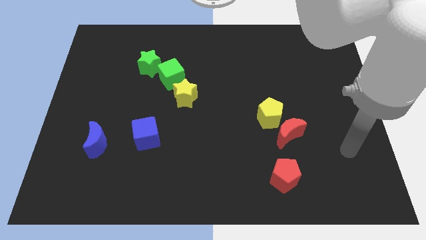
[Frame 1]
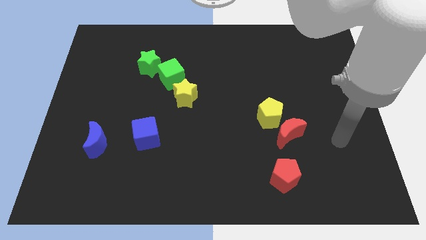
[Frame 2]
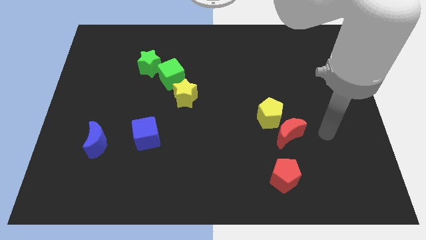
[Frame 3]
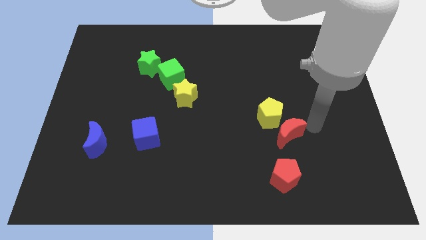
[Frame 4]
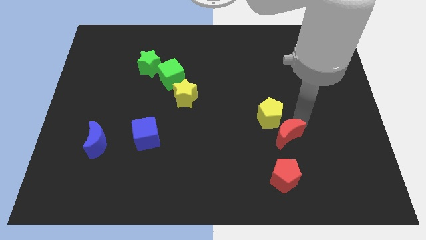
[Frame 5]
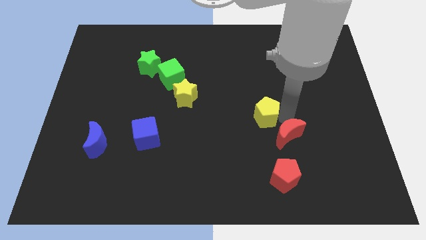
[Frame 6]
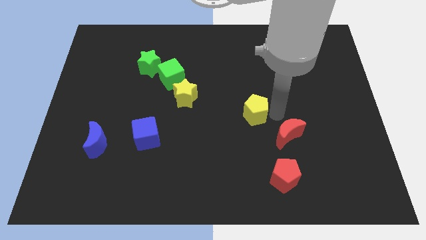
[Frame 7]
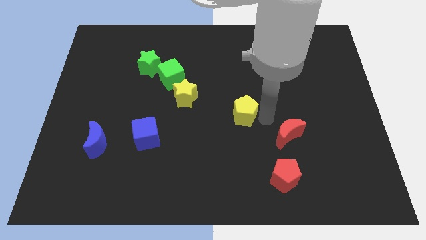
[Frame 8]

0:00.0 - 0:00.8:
^^^^
▸ Task: Check each line of the material for "Frame". Copy the ones that have it.

▸ Result of the exercise:
[Frame 1]
[Frame 2]
[Frame 3]
[Frame 4]
[Frame 5]
[Frame 6]
[Frame 7]
[Frame 8]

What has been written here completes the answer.